§ Source information:
--------

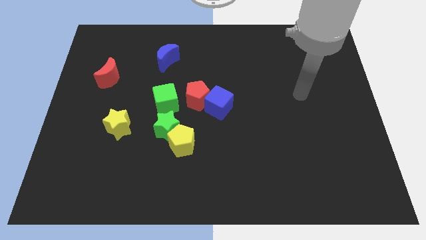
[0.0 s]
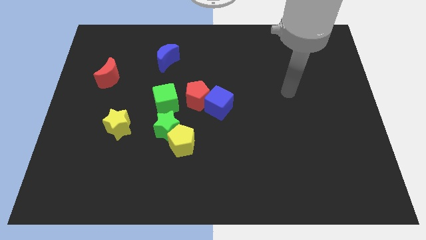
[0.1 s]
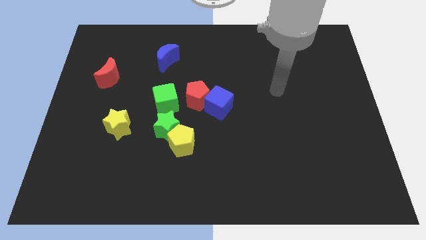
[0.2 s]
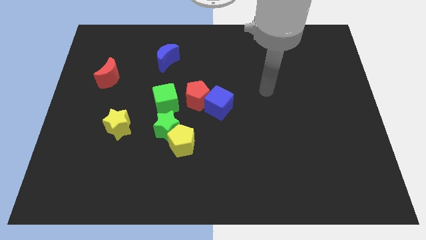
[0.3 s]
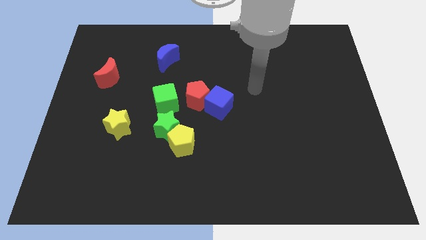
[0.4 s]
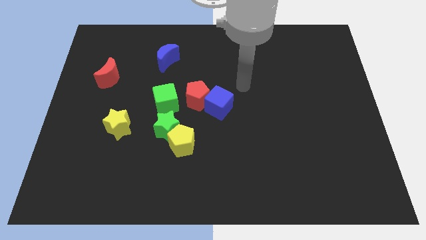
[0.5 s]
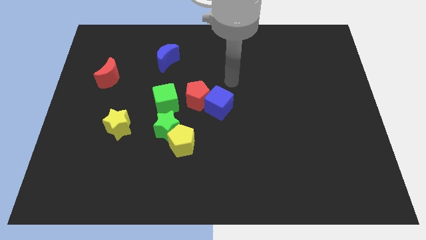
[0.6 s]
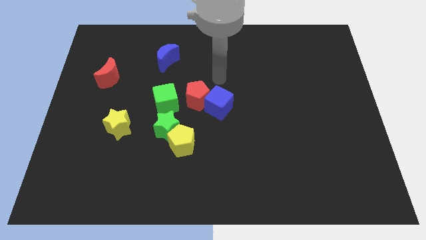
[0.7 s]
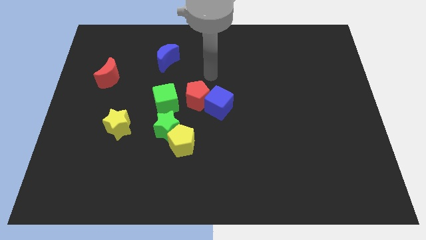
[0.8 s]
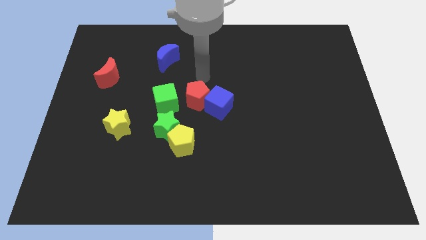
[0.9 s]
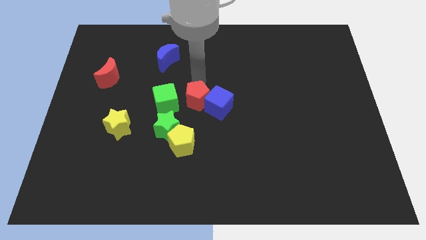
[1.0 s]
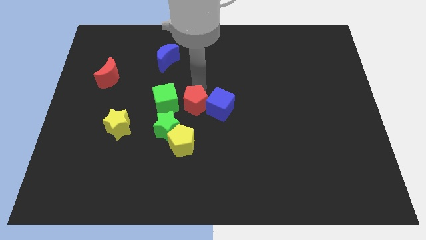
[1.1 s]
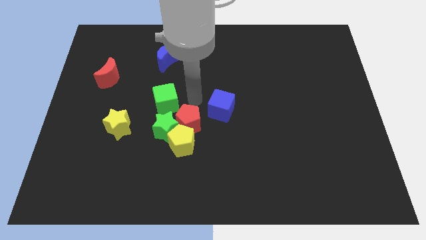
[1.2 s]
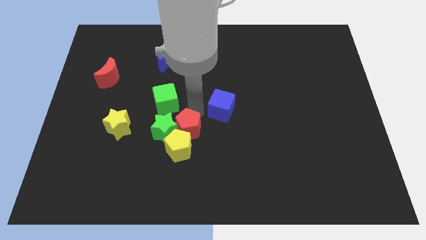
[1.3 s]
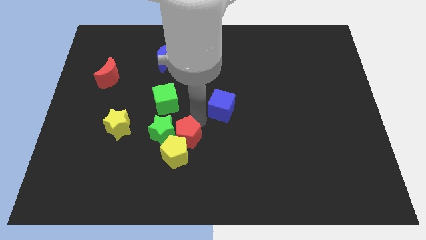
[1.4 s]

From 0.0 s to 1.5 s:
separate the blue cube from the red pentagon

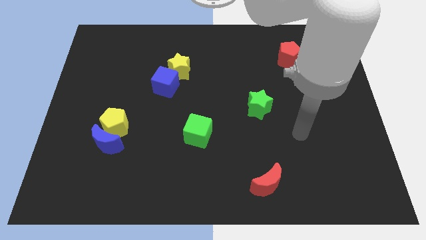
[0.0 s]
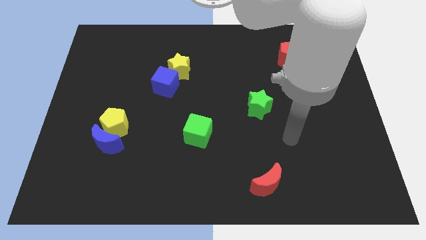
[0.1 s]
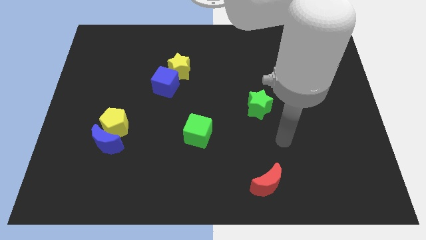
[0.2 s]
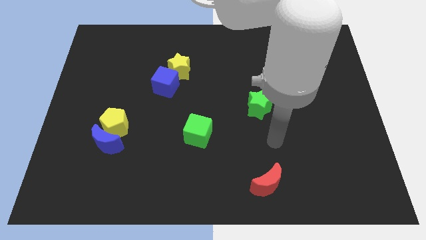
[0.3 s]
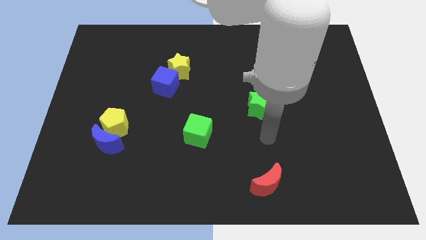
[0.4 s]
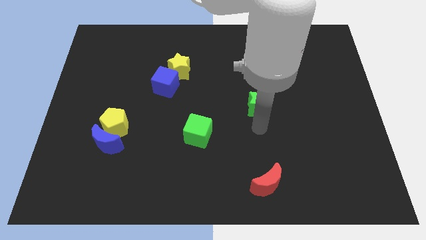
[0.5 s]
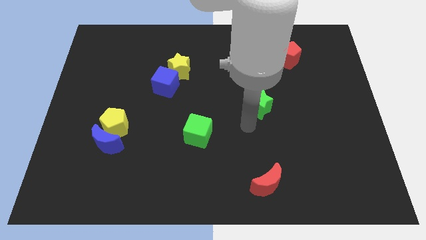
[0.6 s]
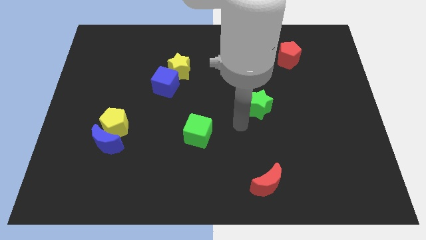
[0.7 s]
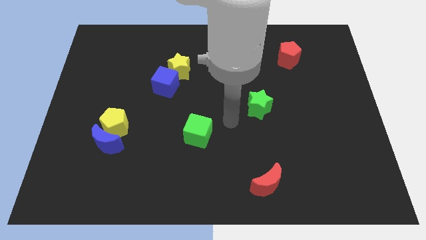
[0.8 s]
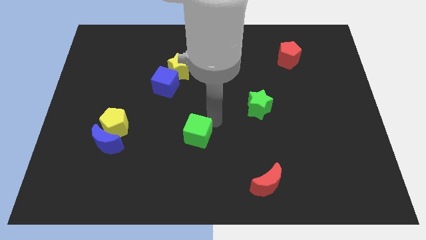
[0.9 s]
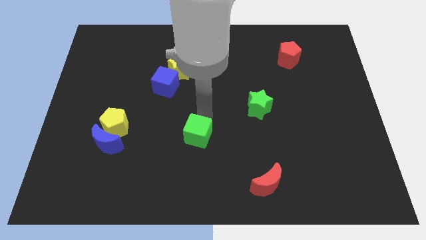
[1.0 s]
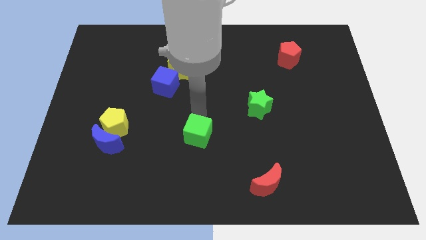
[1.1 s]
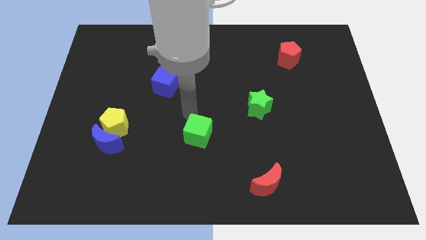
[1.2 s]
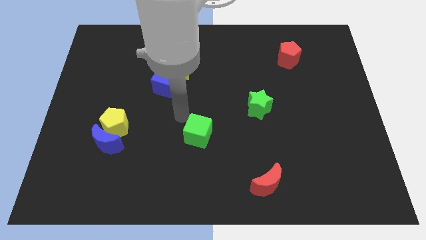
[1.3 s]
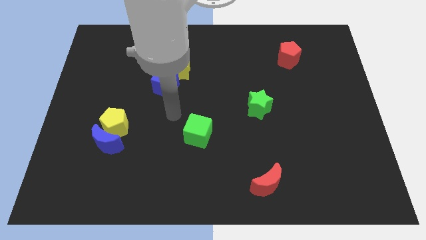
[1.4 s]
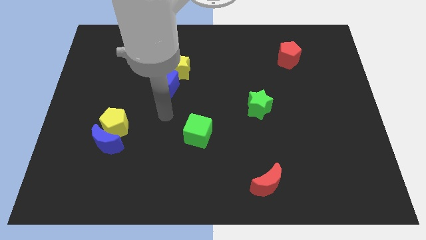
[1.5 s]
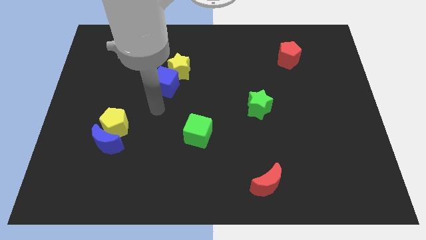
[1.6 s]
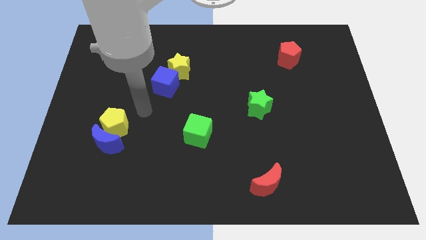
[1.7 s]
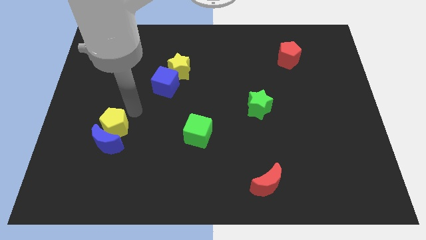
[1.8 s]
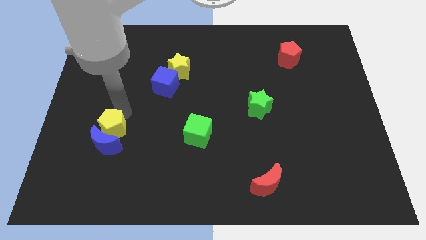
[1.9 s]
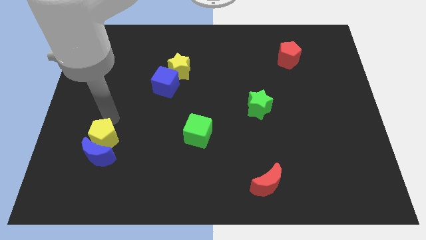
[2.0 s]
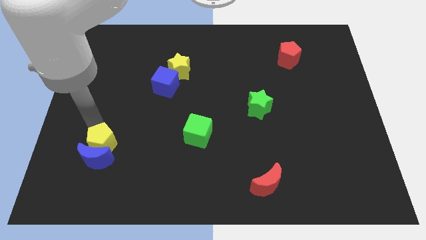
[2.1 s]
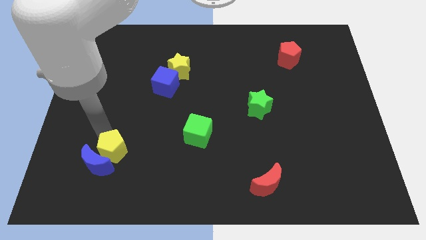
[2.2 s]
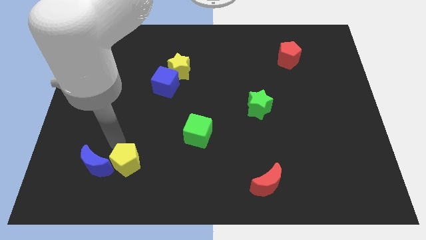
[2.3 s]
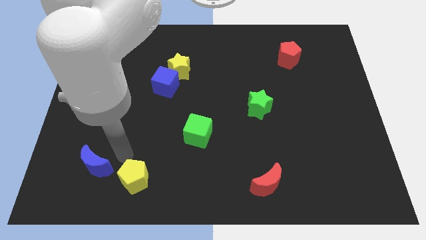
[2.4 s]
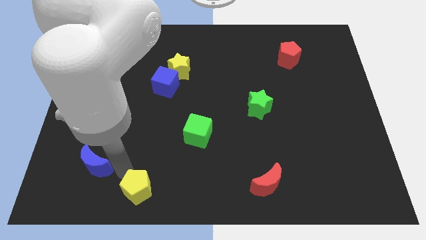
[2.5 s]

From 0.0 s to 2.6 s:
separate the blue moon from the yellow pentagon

--------

§ Task description:
Only text belongs in the copy: repeat each line of the data exactly and leave out the pictures.

§ Exercise response:
[0.0 s]
[0.1 s]
[0.2 s]
[0.3 s]
[0.4 s]
[0.5 s]
[0.6 s]
[0.7 s]
[0.8 s]
[0.9 s]
[1.0 s]
[1.1 s]
[1.2 s]
[1.3 s]
[1.4 s]

From 0.0 s to 1.5 s:
separate the blue cube from the red pentagon

[0.0 s]
[0.1 s]
[0.2 s]
[0.3 s]
[0.4 s]
[0.5 s]
[0.6 s]
[0.7 s]
[0.8 s]
[0.9 s]
[1.0 s]
[1.1 s]
[1.2 s]
[1.3 s]
[1.4 s]
[1.5 s]
[1.6 s]
[1.7 s]
[1.8 s]
[1.9 s]
[2.0 s]
[2.1 s]
[2.2 s]
[2.3 s]
[2.4 s]
[2.5 s]

From 0.0 s to 2.6 s:
separate the blue moon from the yellow pentagon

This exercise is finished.